Another thing to know about is that there are "live feeds" of all public postings in real time. That's probably not what google uses (since they have older postings too, though it might be a way to discover feeds to look at), but technorati and that sort of thing do. (I pulled that feed into an appliance at work for a couple of days, as a volume scaling test, but also to see if lj is "interestingly geographic". Lots of good "casual" writing...) I assume synlevel controls that too.
Monday, September 19th, 2005 02:54 am (UTC)
I assume synlevel controls that too.

That'd be my guess, but I really know squat about it. :)
Sunday, September 18th, 2005 03:07 pm (UTC)
For useful. Thank you very much. [livejournal.com profile] 98 is concerned about the issue of seeing parts of locked posts in a google search. I've pointed him at your post.
Monday, September 19th, 2005 02:55 am (UTC)
Glad it's useful! :)
Sunday, September 18th, 2005 04:14 pm (UTC)
Thanks much for the info. Where is it documented? I tried using the 'help' command at the console to get a list of properties in case there is anything else I might wish to set but no joy.

This RSS feed business definitely has me miffed although I am not certain how sensible being miffed is. I may decide that I am being like one of those daft geezers who throw a fit because someone linked to his publically accessible web page without his explicit permission. Or I may decide that I am justified in my upset and do something like friends-lock my LJ or just abandon it.
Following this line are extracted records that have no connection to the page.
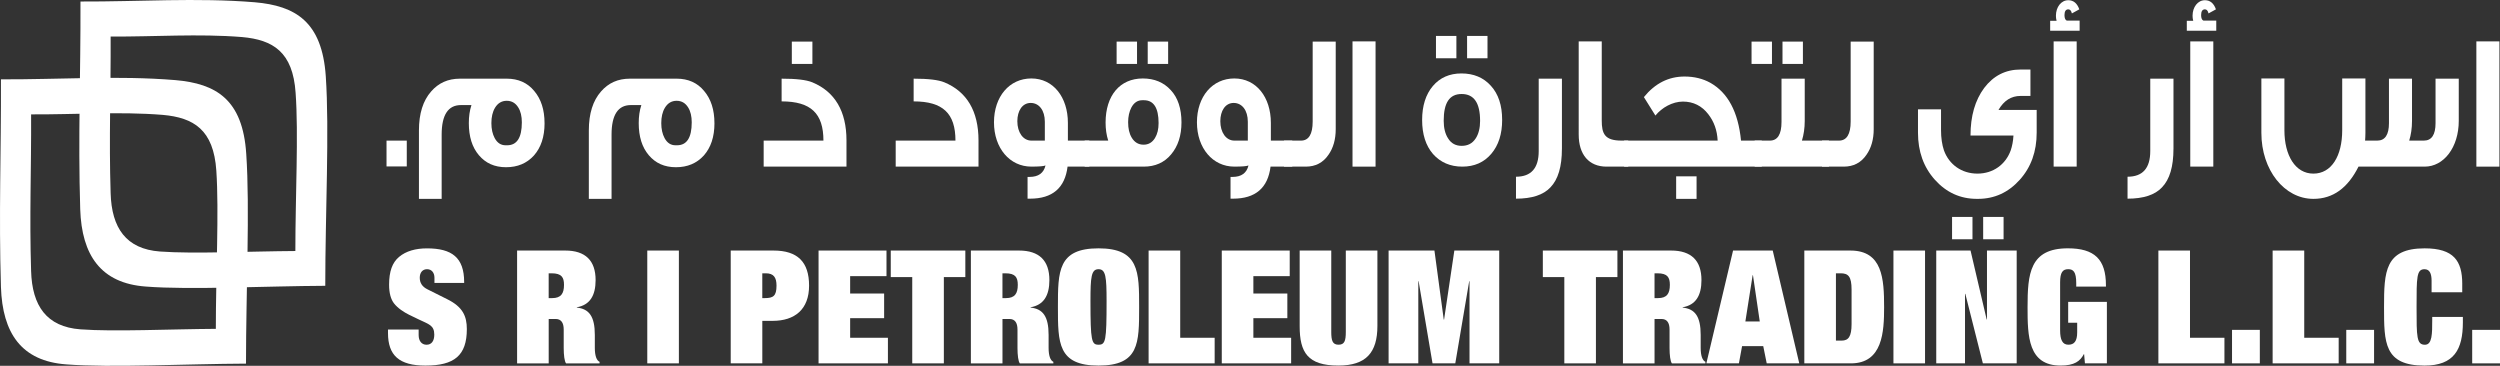 <?xml version="1.0" encoding="UTF-8"?>
<svg id="Layer_2" data-name="Layer 2" xmlns="http://www.w3.org/2000/svg" viewBox="0 0 2196.49 321.39">
  <rect x="0" y="0" width="2196.49" height="321.39" fill="#333333" stroke="none"/>
  <defs>
    <style>
      .cls-1 {
        fill-rule: evenodd;
      }

      .cls-1, .cls-2 {
        fill: #fff;
        stroke-width: 0px;
      }
    </style>
  </defs>
  <g id="Layer_1-2" data-name="Layer 1">
    <g>
      <path class="cls-1" d="M.83,69.71c.22,64.86-1.97,117.85,0,182.49,1.31,40.46,17.96,65.08,57.38,67.94,39.64,3.08,105.35-.44,157.92-.66,0-63.54,3.5-136.54.22-184.25-3.07-47.71-26.28-61.78-62.42-64.86-50.81-4.18-102.06-.44-153.1-.66M27.33,100.49c.22,48.81-1.53,88.83,0,137.64.88,30.56,13.58,49.03,43.37,51.23,29.79,2.2,79.29-.22,118.93-.44,0-47.93,2.85-103.12.44-138.96-2.41-36.06-19.93-46.61-47.09-49.03-38.33-3.08-77.1-.22-115.64-.44Z"/>
      <path class="cls-1" d="M70.7,1.33c.22,64.86-2.19,117.85-.22,182.49,1.31,40.46,18.18,65.08,57.6,67.94,39.42,3.08,105.13-.44,157.7-.66,0-63.54,3.72-136.54.44-184.25-3.29-47.71-26.5-61.78-62.42-64.86-50.81-4.18-102.06-.44-153.1-.66M97.2,32.11c.22,48.81-1.53,88.83,0,137.64.88,30.56,13.58,49.03,43.37,51.23,29.79,2.2,79.29-.22,118.93-.44,0-47.93,2.85-103.12.22-138.96-2.41-36.06-19.93-46.61-47.09-49.03-38.33-3.08-76.88-.22-115.42-.44Z"/>
    </g>
    <g>
      <g>
        <path class="cls-2" d="M407.81,247.76v.83h-26.1v-4.58c0-4.3-2.36-7.5-6.52-7.5-3.89,0-6.39,2.91-6.39,7.5s2.22,7.91,6.66,10.13l17.49,8.75c13.74,6.8,17.21,14.99,17.21,26.24,0,23.18-10.97,32.07-36.37,32.07-23.18,0-32.9-9.02-32.9-28.6v-3.05h26.93v4.86c0,5.14,2.64,8.47,6.94,8.47s6.8-3.19,6.8-8.88c0-8.33-5-9.16-13.6-13.33l-8.61-4.16c-4.44-2.22-9.86-5.69-13.19-9.99-2.78-3.61-4.3-9.02-4.3-16.38,0-11.66,2.78-19.44,8.75-24.43,6.11-5.14,14.58-7.5,24.57-7.5,21.8,0,32.62,8.05,32.62,29.57Z"/>
        <path class="cls-2" d="M496.65,220.13c17.63,0,26.65,8.75,26.65,25.96,0,13.74-5.14,21.93-16.52,23.88v.28c10.83,1.11,15.83,7.77,15.83,24.02v11.38c0,6.8,1.53,11.11,4.17,12.22v1.39h-29.43c-1.39-1.67-2.08-7.22-2.08-13.47v-16.24c0-6.11-2.36-9.3-7.08-9.3h-6.11v39.01h-27.76v-99.12h42.34ZM482.07,261.92h3.05c7.91,0,10.41-4.16,10.41-11.66,0-6.52-2.08-10.13-10.83-10.13h-2.64v21.8Z"/>
        <path class="cls-2" d="M596.46,220.13v99.12h-27.76v-99.12h27.76Z"/>
        <path class="cls-2" d="M679.61,220.13c21.1,0,31.24,9.99,31.24,30.82s-12.49,30.96-32.07,30.96h-9.02v37.34h-27.76v-99.12h37.62ZM669.75,261.92h2.08c7.5,0,10.41-1.8,10.41-10.97,0-7.22-2.5-10.83-9.44-10.83h-3.05v21.8Z"/>
        <path class="cls-2" d="M778.87,220.13v22.49h-31.93v15.27h29.85v21.66h-29.85v17.21h33.18v22.49h-60.94v-99.12h59.69Z"/>
        <path class="cls-2" d="M848.14,220.13v23.32h-18.88v75.8h-27.76v-75.8h-18.88v-23.32h65.52Z"/>
        <path class="cls-2" d="M895.34,220.13c17.63,0,26.65,8.75,26.65,25.96,0,13.74-5.14,21.93-16.52,23.88v.28c10.83,1.11,15.83,7.77,15.83,24.02v11.38c0,6.8,1.53,11.11,4.17,12.22v1.39h-29.43c-1.39-1.67-2.08-7.22-2.08-13.47v-16.24c0-6.11-2.36-9.3-7.08-9.3h-6.11v39.01h-27.76v-99.12h42.34ZM880.76,261.92h3.05c7.91,0,10.41-4.16,10.41-11.66,0-6.52-2.08-10.13-10.83-10.13h-2.64v21.8Z"/>
        <path class="cls-2" d="M1000.84,269.83c0,31.79,0,51.37-35.68,51.37s-35.68-19.85-35.68-51.37,0-51.64,35.68-51.64,35.68,20.41,35.68,51.64ZM965.16,302.87c6.25,0,7.08-3.19,7.08-38.31,0-21.24-.69-28.04-7.08-28.04s-7.08,6.8-7.08,27.9c0,35.26.97,38.45,7.08,38.45Z"/>
        <path class="cls-2" d="M1036.93,220.13v76.63h30.26v22.49h-58.03v-99.12h27.76Z"/>
        <path class="cls-2" d="M1133.14,220.13v22.49h-31.93v15.27h29.85v21.66h-29.85v17.21h33.18v22.49h-60.94v-99.12h59.69Z"/>
        <path class="cls-2" d="M1169.64,220.13v71.49c0,7.64,1.11,11.24,6.39,11.24s6.39-3.47,6.39-11.24v-71.49h27.76v66.22c0,23.32-9.86,34.84-34.29,34.84-26.93,0-34.01-11.52-34.01-34.57v-66.5h27.76Z"/>
        <path class="cls-2" d="M1260.29,220.13l8.19,60.66h.28l9.02-60.66h39.43v99.12h-26.1v-72.19h-.28l-12.22,72.19h-19.99l-12.22-72.19h-.28v72.19h-26.1v-99.12h40.26Z"/>
        <path class="cls-2" d="M1421.05,220.13v23.32h-18.88v75.8h-27.76v-75.8h-18.88v-23.32h65.52Z"/>
        <path class="cls-2" d="M1468.25,220.13c17.63,0,26.65,8.75,26.65,25.96,0,13.74-5.14,21.93-16.52,23.88v.28c10.83,1.11,15.83,7.77,15.83,24.02v11.38c0,6.8,1.53,11.11,4.16,12.22v1.39h-29.43c-1.39-1.67-2.08-7.22-2.08-13.47v-16.24c0-6.11-2.36-9.3-7.08-9.3h-6.11v39.01h-27.76v-99.12h42.34ZM1453.67,261.92h3.05c7.91,0,10.41-4.16,10.41-11.66,0-6.52-2.08-10.13-10.83-10.13h-2.64v21.8Z"/>
        <path class="cls-2" d="M1557.51,220.13l23.32,99.12h-28.6l-3.05-15.13h-18.6l-2.78,15.13h-28.6l23.46-99.12h34.84ZM1533.49,282.46h12.63l-5.97-40.67h-.28l-6.39,40.67Z"/>
        <path class="cls-2" d="M1625.8,220.13c28.18,0,29.57,24.85,29.57,49.7,0,21.66-1.25,49.42-29.15,49.42h-40.95v-99.12h40.54ZM1613.03,299.26h5c5.97,0,8.75-3.47,8.75-14.58v-30.26c0-11.52-2.91-14.3-9.58-14.3h-4.16v59.14Z"/>
        <path class="cls-2" d="M1691.33,220.13v99.12h-27.76v-99.12h27.76Z"/>
        <path class="cls-2" d="M1731.31,220.13l14.16,60.53h.28v-60.53h26.1v99.12h-29.71l-15.41-61.08h-.28v61.08h-25.27v-99.12h30.12Z"/>
        <path class="cls-2" d="M1850.27,250.67v1.11h-26.1v-3.05c0-10-2.64-12.22-7.08-12.22-4.86,0-7.08,2.91-7.08,11.52v42.2c0,8.33,2.08,12.63,7.22,12.63s7.77-3.05,7.77-10.83v-8.47h-7.91v-18.32h34.01v54h-19.3l-.69-8.05h-.28c-3.19,6.11-8.19,10-20.41,10-28.6,0-29.01-25.82-29.01-51.23,0-29.29,1.8-51.78,35.4-51.78,23.32,0,33.46,9.58,33.46,32.48Z"/>
        <path class="cls-2" d="M1924.12,220.13v76.63h30.26v22.49h-58.03v-99.12h27.76Z"/>
        <path class="cls-2" d="M1985.48,289.82v29.43h-24.43v-29.43h24.43Z"/>
        <path class="cls-2" d="M2024.49,220.13v76.63h30.26v22.49h-58.03v-99.12h27.76Z"/>
        <path class="cls-2" d="M2085.85,289.82v29.43h-24.43v-29.43h24.43Z"/>
        <path class="cls-2" d="M2163.31,249.43v7.36h-26.93v-10.13c0-6.25-1.67-10.13-6.25-10.13-6.94,0-6.94,7.08-6.94,33.32s0,33.04,7.36,33.04c6.39,0,6.39-9.72,6.39-21.66v-2.78h26.93v4.72c0,23.88-7.77,38.04-33.73,38.04-35.54,0-35.54-20.27-35.54-51.37s.69-51.64,35.68-51.64c25.54,0,33.04,10.97,33.04,31.24Z"/>
        <path class="cls-2" d="M2196.49,289.82v29.43h-24.43v-29.43h24.43Z"/>
      </g>
      <g>
        <path class="cls-2" d="M357.39,146.23h-17.79v-22.69h17.79v22.69Z"/>
        <path class="cls-2" d="M478.45,108.19c0,12.11-3.18,21.49-9.4,28.49-6.22,6.82-14.32,10.24-24.45,10.24s-17.94-3.58-23.87-10.58c-5.93-6.99-8.82-16.38-8.82-28.15,0-5.8.72-11.09,2.31-15.87h-9.26c-11.28,0-16.92,8.7-16.92,25.93v56.47h-19.96v-60.22c0-14.67,3.62-26.1,10.7-34.12,6.51-7.51,14.9-11.26,25.31-11.26h41.22c9.98,0,18.08,3.58,24.01,10.75,6.07,7.16,9.11,16.55,9.11,28.32ZM458.49,107.5c0-5.29-1.01-9.72-3.18-13.14-2.46-3.92-5.79-5.8-10.13-5.8s-7.81,2.05-10.27,6.14c-2.17,3.58-3.18,8.19-3.18,13.48s1.01,9.55,2.89,13.14c2.31,4.27,5.5,6.31,9.55,6.31h1.45c8.53,0,12.87-6.65,12.87-20.13Z"/>
        <path class="cls-2" d="M627.72,108.19c0,12.11-3.18,21.49-9.4,28.49-6.22,6.82-14.32,10.24-24.45,10.24s-17.94-3.58-23.87-10.58c-5.93-6.99-8.82-16.38-8.82-28.15,0-5.8.72-11.09,2.31-15.87h-9.26c-11.28,0-16.92,8.7-16.92,25.93v56.47h-19.96v-60.22c0-14.67,3.62-26.1,10.7-34.12,6.51-7.51,14.9-11.26,25.31-11.26h41.22c9.98,0,18.08,3.58,24.01,10.75,6.07,7.16,9.11,16.55,9.11,28.32ZM607.75,107.5c0-5.29-1.01-9.72-3.18-13.14-2.46-3.92-5.79-5.8-10.13-5.8s-7.81,2.05-10.27,6.14c-2.17,3.58-3.18,8.19-3.18,13.48s1.01,9.55,2.89,13.14c2.31,4.27,5.5,6.31,9.55,6.31h1.45c8.53,0,12.87-6.65,12.87-20.13Z"/>
        <path class="cls-2" d="M743.71,146.4h-72.76v-22.86h52.51c0-23.88-10.99-34.46-36.74-34.46v-19.96c12.73,0,21.7,1.02,27.05,3.24,19.67,8.19,29.94,25.25,29.94,51.01v23.03ZM713.77,56.15h-18.08v-19.62h18.08v19.62Z"/>
        <path class="cls-2" d="M859.71,146.4h-72.76v-22.86h52.51c0-23.88-10.99-34.46-36.74-34.46v-19.96c12.73,0,21.7,1.02,27.05,3.24,19.67,8.19,29.94,25.25,29.94,51.01v23.03Z"/>
        <path class="cls-2" d="M957.05,146.4h-19.09c-2.31,18.77-13.31,28.15-32.98,28.15h-2.17v-19.11h1.74c7.81,0,12.44-3.41,14.03-10.07-1.59.68-5.64,1.02-12.44,1.02-18.95,0-32.83-16.21-32.83-38.9s13.6-38.56,32.83-38.56,32.11,16.38,32.11,39.07v15.52h18.8v22.86ZM917.99,123.54v-16.55c0-10.07-5.06-16.55-12.44-16.55s-11.72,6.99-11.72,16.04c0,9.72,4.92,17.06,12.44,17.06h11.72Z"/>
        <path class="cls-2" d="M1038.04,107.5c0,11.6-3.04,20.98-9.11,28.15-5.93,7.16-14.03,10.75-24.01,10.75h-51.93v-22.86h20.68c-1.59-4.95-2.31-10.24-2.31-15.87,0-23.71,12.58-38.73,32.69-38.73,10.12,0,18.37,3.41,24.59,10.24,6.22,6.65,9.4,16.21,9.4,28.32ZM998.99,56.15h-17.94v-19.62h17.94v19.62ZM1017.93,108.19c0-13.48-4.34-20.13-12.87-20.13h-1.45c-4.05,0-7.23,2.05-9.55,6.31-1.88,3.58-2.89,8.02-2.89,12.96,0,5.63,1.01,10.07,3.18,13.65,2.46,4.09,5.93,6.14,10.41,6.14,4.2,0,7.52-1.88,9.98-5.8,2.17-3.58,3.18-7.85,3.18-13.14ZM1026.32,56.15h-17.94v-19.62h17.94v19.62Z"/>
        <path class="cls-2" d="M1135.38,146.4h-19.09c-2.31,18.77-13.31,28.15-32.98,28.15h-2.17v-19.11h1.74c7.81,0,12.44-3.41,14.03-10.07-1.59.68-5.64,1.02-12.44,1.02-18.95,0-32.84-16.21-32.84-38.9s13.6-38.56,32.84-38.56,32.11,16.38,32.11,39.07v15.52h18.81v22.86ZM1096.33,123.54v-16.55c0-10.07-5.06-16.55-12.44-16.55s-11.72,6.99-11.72,16.04c0,9.72,4.92,17.06,12.44,17.06h11.72Z"/>
        <path class="cls-2" d="M1173.56,113.47c0,9.04-2.17,16.55-6.37,22.52-4.77,6.99-11.43,10.41-19.96,10.41h-19.09v-22.86h14.9c6.8,0,10.27-5.63,10.27-16.72V36.53h20.25v76.94Z"/>
        <path class="cls-2" d="M1208.56,146.4h-20.25V36.36h20.25v110.04Z"/>
        <path class="cls-2" d="M1319.79,105.29c0,12.45-3.18,22.35-9.55,29.85-6.36,7.51-14.9,11.26-25.46,11.26s-19.24-3.75-25.75-11.09c-6.36-7.34-9.55-17.4-9.55-29.85s3.18-22.52,9.4-29.85c6.22-7.34,14.61-11.09,25.17-11.09s19.38,3.58,25.89,10.92c6.51,7.16,9.84,17.06,9.84,29.85ZM1279.58,51.21h-17.94v-19.62h17.94v19.62ZM1300.4,106.14c0-15.69-5.35-23.54-16.2-23.54s-15.77,7.85-15.77,23.54c0,6.31,1.3,11.6,3.91,15.52,2.75,4.44,6.8,6.48,11.86,6.48,5.35,0,9.4-2.05,12.3-6.48,2.6-3.92,3.91-9.21,3.91-15.52ZM1306.91,51.21h-17.94v-19.62h17.94v19.62Z"/>
        <path class="cls-2" d="M1372.29,130.7c0,15.7-3.33,26.95-10.12,33.95-6.22,6.65-16.34,9.9-30.23,9.9v-19.28c13.31,0,19.96-7.51,19.96-22.52v-63.63h20.4v61.59Z"/>
        <path class="cls-2" d="M1430.58,146.4h-19.09c-15.48,0-24.45-10.58-24.45-28.15V36.36h20.25v69.43c0,11.6,2.46,17.74,17.36,17.74h5.93v22.86Z"/>
        <path class="cls-2" d="M1547.88,146.4h-120.92v-22.86h82.16c-.43-9.04-3.18-16.72-8.24-23.2-5.64-7.34-13.16-11.09-22.28-11.09s-18.51,5.29-24.16,12.28c-2.02-3.24-5.35-8.53-10.12-16.21,9.84-12.11,21.7-18.08,35.73-18.08,8.53,0,16.06,1.88,22.56,5.46,15.48,8.7,24.59,25.59,27.05,50.84h18.23v22.86ZM1490.6,174.72h-17.94v-19.79h17.94v19.79Z"/>
        <path class="cls-2" d="M1556.84,56.15h-17.94v-19.62h17.94v19.62ZM1606.89,146.4h-65.24v-22.86h13.31c6.8,0,10.27-5.46,10.27-16.38v-38.04h20.4v37.19c0,6.31-.87,11.94-2.46,17.23h23.72v22.86ZM1584.03,56.15h-17.94v-19.62h17.94v19.62Z"/>
        <path class="cls-2" d="M1646.23,113.47c0,9.04-2.17,16.55-6.37,22.52-4.77,6.99-11.43,10.41-19.96,10.41h-19.09v-22.86h14.9c6.8,0,10.27-5.63,10.27-16.72V36.53h20.25v76.94Z"/>
        <path class="cls-2" d="M1789.42,96.58v19.96c0,16.55-4.92,30.37-14.9,41.46-9.98,11.09-22.13,16.72-36.74,16.72h-.87c-14.61,0-26.9-5.63-36.88-16.72-9.98-11.09-14.9-24.91-14.9-41.46v-20.47h20.25v18.25c0,6.82.87,12.8,2.6,17.91,4.48,12.28,15.48,20.3,29.36,20.3s24.73-8.02,29.22-20.3c1.3-3.75,2.17-8.19,2.46-13.14h-37.75c0-17.23,4.05-31.05,12.01-41.8,8.1-10.75,18.8-16.21,31.97-16.21h8.68v23.2h-8.68c-8.24,0-14.61,4.09-19.38,12.28h33.56ZM1733.01,210.2h-17.94v-19.62h17.94v19.62ZM1760.34,210.2h-17.94v-19.62h17.94v19.62Z"/>
        <path class="cls-2" d="M1827.16,26.98h-25.89v-8.7h5.64c-.43-1.54-.58-3.07-.58-4.44,0-7.68,4.63-13.65,10.85-13.65,4.63,0,7.81,2.73,9.69,8.02l-6.51,3.58c-.58-2.39-1.59-3.58-3.18-3.58-2.17,0-3.33,1.71-3.33,5.12,0,2.56.72,4.27,2.03,4.78h11.28v8.87ZM1824.56,146.4h-20.25V36.36h20.25v110.04Z"/>
        <path class="cls-2" d="M1909.6,130.7c0,15.7-3.33,26.95-10.12,33.95-6.22,6.65-16.34,9.9-30.23,9.9v-19.28c13.31,0,19.96-7.51,19.96-22.52v-63.63h20.4v61.59Z"/>
        <path class="cls-2" d="M1947.21,26.98h-25.89v-8.7h5.64c-.43-1.54-.58-3.07-.58-4.44,0-7.68,4.63-13.65,10.85-13.65,4.63,0,7.81,2.73,9.69,8.02l-6.51,3.58c-.58-2.39-1.59-3.58-3.18-3.58-2.17,0-3.33,1.71-3.33,5.12,0,2.56.72,4.27,2.03,4.78h11.28v8.87ZM1944.61,146.4h-20.25V36.36h20.25v110.04Z"/>
        <path class="cls-2" d="M2160.26,106.14c0,23.37-13.16,40.26-29.94,40.26h-58.15c-9.4,18.77-22.42,28.32-39.63,28.32-25.46,0-45.71-25.25-45.71-58v-47.77h20.25v45.55c0,22.01,9.55,38.04,25.46,38.04s25.31-15.52,25.31-38.04v-45.55h20.4v47.77c0,2.39-.15,4.61-.29,6.82h10.7c6.8,0,10.27-5.12,10.27-15.35v-39.07h20.25v37.19c0,6.31-.87,12.11-2.46,17.23h12.87c6.8,0,10.27-5.12,10.27-15.35v-39.07h20.4v37.02Z"/>
        <path class="cls-2" d="M2195.98,146.4h-20.25V36.36h20.25v110.04Z"/>
      </g>
    </g>
  </g>
</svg>

Meanwhile I think it is the being blindsided and my perception that LJ officialdom gives an insufficient damn.

Thanks again.
Monday, September 19th, 2005 03:00 am (UTC)
I haven't the *foggiest* where it's documented. For all I know there are millions of useful commands that could be entered at the console, and I don't know where to find information on them. If I find out I'll post. (I may not go looking soon though.)

I am not certain how sensible being miffed is.

Yeah, I'm about like you -- perhaps less miffed, but definitely uncomfortable. It broke some assumptions. There's a difference between a post being public and a post being copied automatically and sent to the equivalent of my town's public library. Still, I'm leaning on the side of "I'm being a daft geezer" myself, and I think I'll probably get over it and let Google index the hell outta this journal. Searchers can knock themselves out. My content is really quite boring overall. :-)
Monday, September 19th, 2005 05:43 am (UTC)
http://cvs.livejournal.org/browse.cgi/livejournal/cgi-bin/console.pl

is the code - or more precisely, the version control log, but you can get the code from there. That's at least a place to look for command names which might help find other documentation. (and yes, I found that with google: livejournal cvs console, after searching for: synlevel console turned up the rss feed implementation :-)

(I'm actually pleased that google is doing this - because they're doing it in public, people are finding out where their assumptions were broken, instead of it happening behind their backs - it's not like the *reality* is any different now, just the extent to which people were informed of it. Now they can figure out the kind of control they want, and agitate for it.)
Monday, September 19th, 2005 04:12 pm (UTC)
Thanks for the link!

Philosophically, I agree wholeheartedly with your last paragraph. Finding out where assumptions don't match reality is a GOOD thing. Reality does have a way of winning. Better to know.
Monday, September 19th, 2005 04:13 am (UTC)
Very useful! Thank you.
Monday, September 19th, 2005 04:14 pm (UTC)
Y'welcome! It feels incomplete to me -- contact google how? what does synlevel control exactly, and what else can it be set to? -- but I'm glad [livejournal.com profile] runeshower posted it 'cause it's a lot better'n nothing.